Not only are the political institutions at risk, but the very structure of the country is in danger. Implementation of the December 2021 resolutions of the RS parliament would represent de facto secession for the entity. It would disintegrate the institutional system of Bosnia, while RS would achieve financial independence and the ability to defend itself.

Although Dodik’s actions resemble those of Bosnian Serb leaders just before the war broke out, they are also symptoms of a captured Bosnian state. Dodik wants to protect the extensive, clientelist system that brings him money and keeps him in power. He is vying for control over the budget which he hopes will help him rebuild an electorate ahead of elections in October 2022.

With a few exceptions, Bosnia’s governments, parliaments, and judiciary are plagued by clientelism and patronage linked to politicisation and ethnicisation. As a result, citizens distrust the government. Political parties are led by individuals who grew up within a system imbued with authoritarian tendencies and ethnic fears, and who today kindle ethnic intolerance for political ends.

In this climate, Bosnia’s institutions expose the brutal truth about externally managed state-building and the drawbacks of the “‘democratisation before institutionalisation” approach. Certainly, part of the problem is the international community’s answer to the local crisis that is confined to a constitutional reform package that would satisfy only nationalistic politicians.
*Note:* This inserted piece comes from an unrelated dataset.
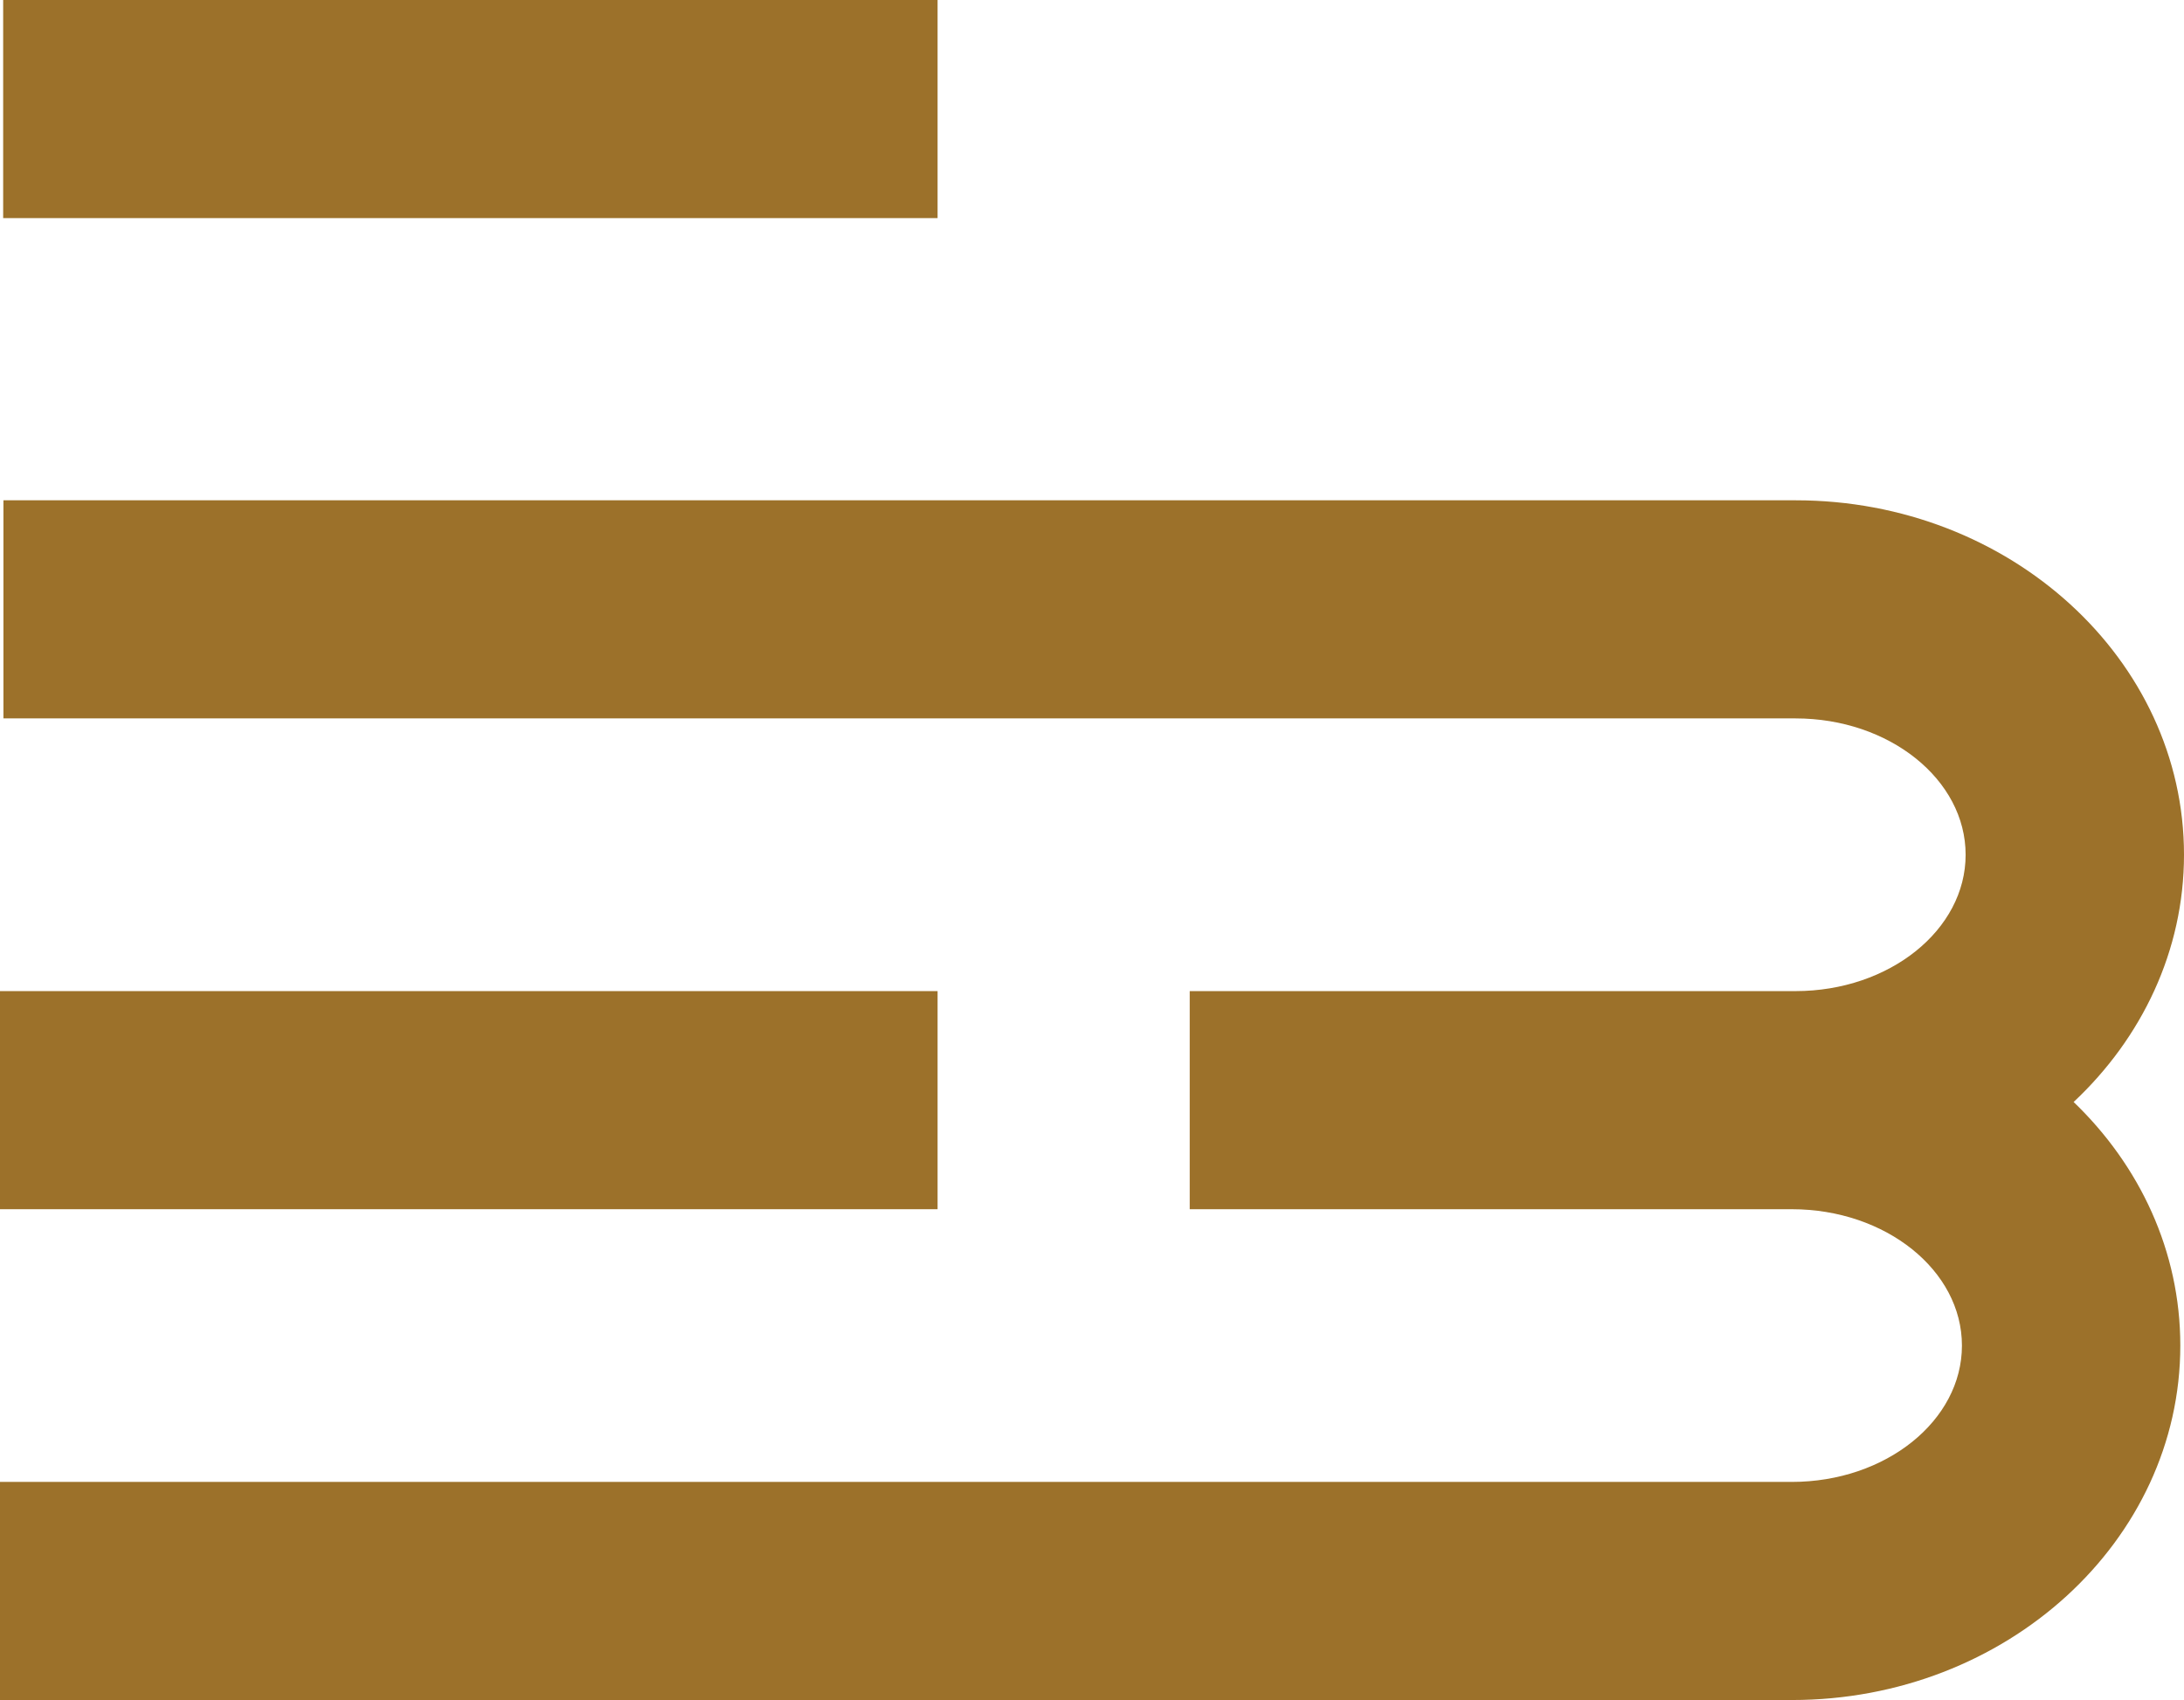 <?xml version="1.0" encoding="UTF-8"?> <svg xmlns="http://www.w3.org/2000/svg" id="Layer_2" viewBox="0 0 82.81 64.46"><g id="Capa_1"><rect x=".12" width="35.43" height="8.27" fill="#9c712a" stroke-width="0"></rect><path d="M78.63,41.78c2.58-2.42,4.18-5.73,4.18-9.37,0-7.41-6.6-13.44-14.72-13.44H.13v8.27h67.95c3.56,0,6.45,2.32,6.45,5.17s-2.89,5.17-6.45,5.17h-22.97v8.27h22.83c3.56,0,6.45,2.32,6.45,5.17s-2.89,5.17-6.45,5.17H0v8.27h67.95c8.12,0,14.72-6.03,14.72-13.44,0-3.58-1.54-6.83-4.05-9.24Z" fill="#9c712a" stroke-width="0"></path><rect y="37.58" width="35.55" height="8.27" fill="#9c712a" stroke-width="0"></rect></g></svg>

This policy is a slippery slope towards the dissolution of the country – an outcome that would be blamed first and foremost on the EU and the US.

For years the EU’s enlargement in the region has been considered the key to the stability and long-term development of Bosnia, but the accession process as well as the EU-backed Berlin Process have stalled. The EU and the US’s passiveness and indecisiveness is visible in their declarations of progress after each round of negotiations that bring literally no change. No one knows what the future holds. Certainly, the EU and US must take a strong position against unconstitutional politics by imposing sanctions on politicians who violate the Dayton Agreement – as they used to do 20 years ago. That might even reaffirm Bosnia’s European future.